И снова, немного помолчав, в бочку:
– Говорил: замри!
В бочке – Генка. Замысел прост и дерзок: заехать как можно дальше, оставаясь незамеченным, а там не высадят, не погонят домой.
Генку, несмотря на все уговоры, Василич – его отец – с собой не взял – велел оставаться дома пасти гусей. Гусей на Генкином дворе, по словам Генки, прорва. И всю эту прорву надо исправно каждое утро гонять на озеро за село, а вечером встречать.
– Нюрка справится сама, а не справится – братаны помогут, – решил одним махом Генка. У него уже три взрослых брата. Все они когда-то гоняли гусей на озеро. Но ни одного из них скорая на прозвища наша улица не отметила, а Генку, он уже и не помнит с каких пор, все зовут Гусиным богом.
…Обнаруживают Генку в бочке внезапно. У последнего по пути колодца (а не на дальнем полевом стане, как предполагалось) делается остановка для того, чтобы набрать воды.
Понимая всю остроту момента, но не находя выхода из него, я стою в стороне, смотрю на скрипучий журавль и старательно готовлюсь сделать изумленное лицо при появлении Генки.

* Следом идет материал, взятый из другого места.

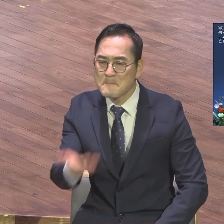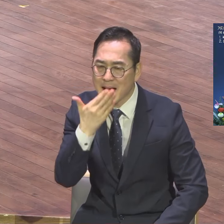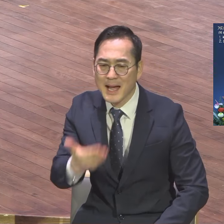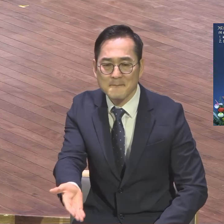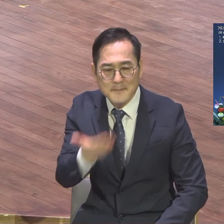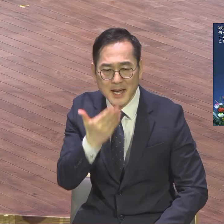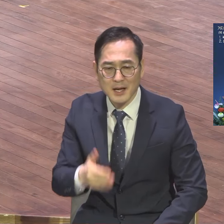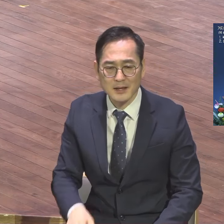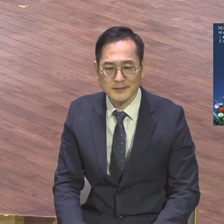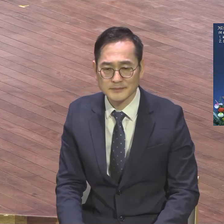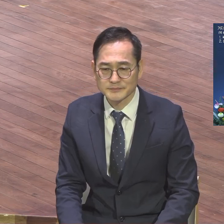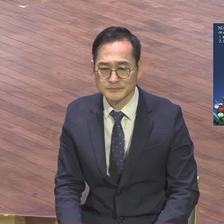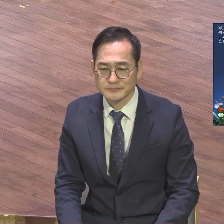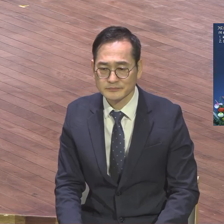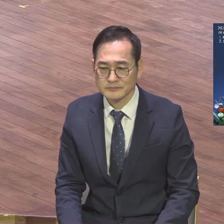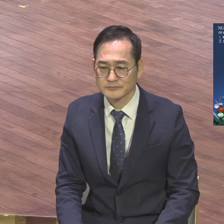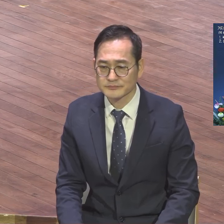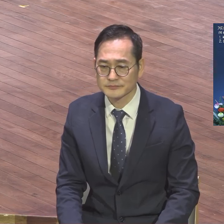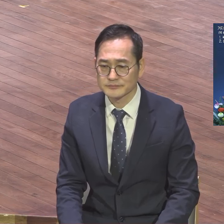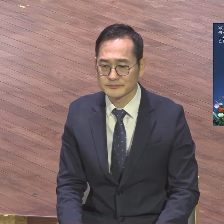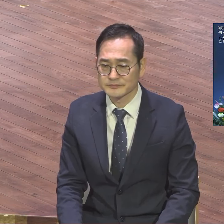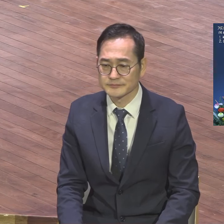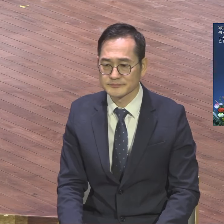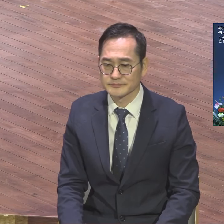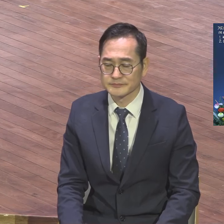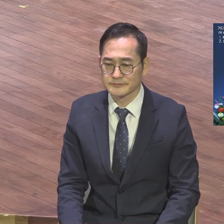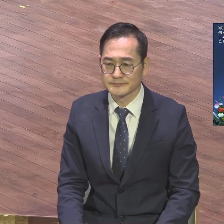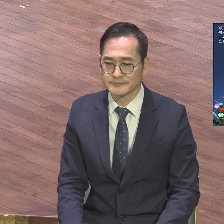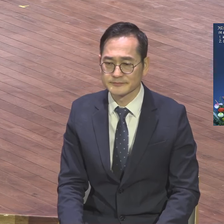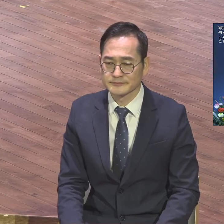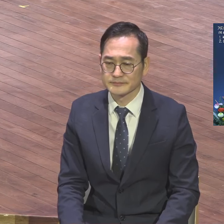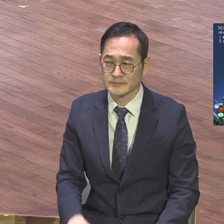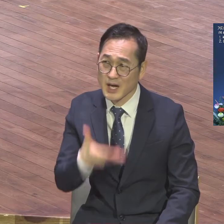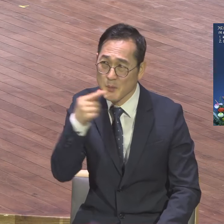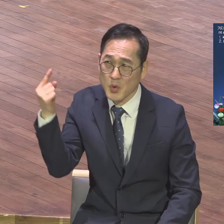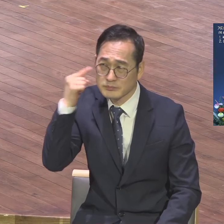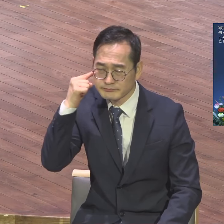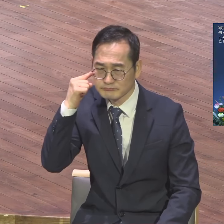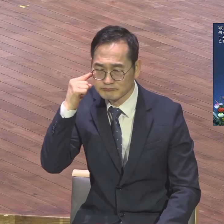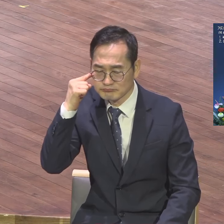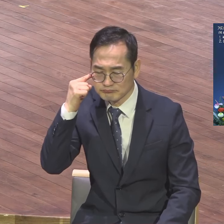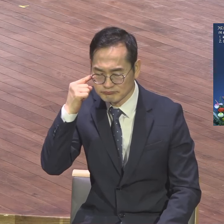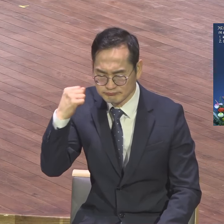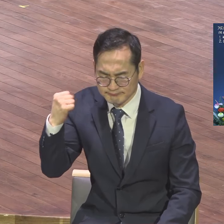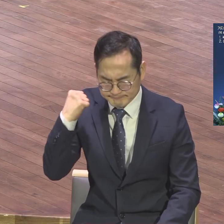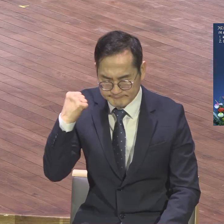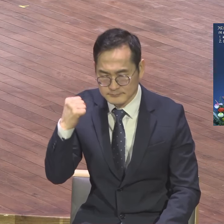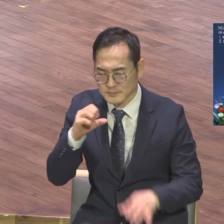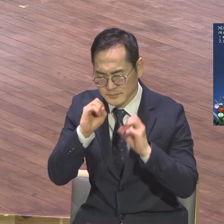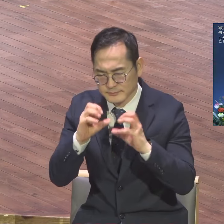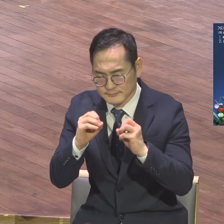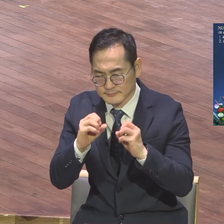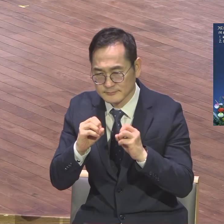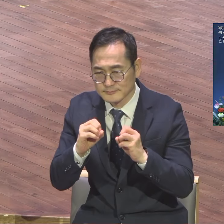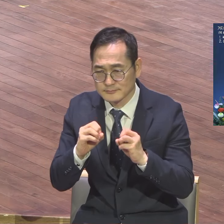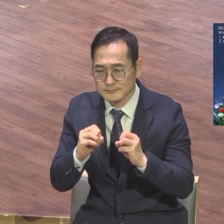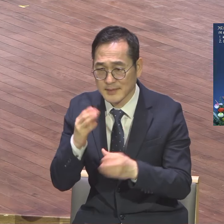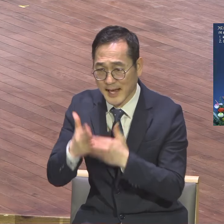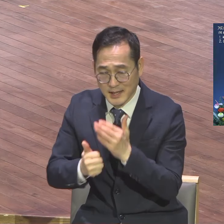신권을 초월하는 이삼질의 빛을 나에게 빛이게 되면 하나님께서 나를 자라게 할 것이다

Так условлено – я ничего не знаю.
Руки деда принимают бадью из колодца со студеной водой, подносят к бочке. Мгновение – и вода в бочке.
Отвернувшийся дедушка не видит происходящего за его спиной. А там перед ошеломленными Серёгой и Василичем выскакивает, как суслик из норы, мокрый мой приятель. Он чихает, крутит по сторонам головой и неловко прыгает на землю.
Размеренной походкой, прихрамывая, прямо на него идёт его отец. Подходит. И не успевает Генка втянуть голову в плечи, как получает оплеуху. Но не больно. Оплеуха звонкая и не обидная. И глаза Василича не злые, а весёлые.
– Хныкать будешь, с первой же подводой снаряжу домой. Тоже мне партизан.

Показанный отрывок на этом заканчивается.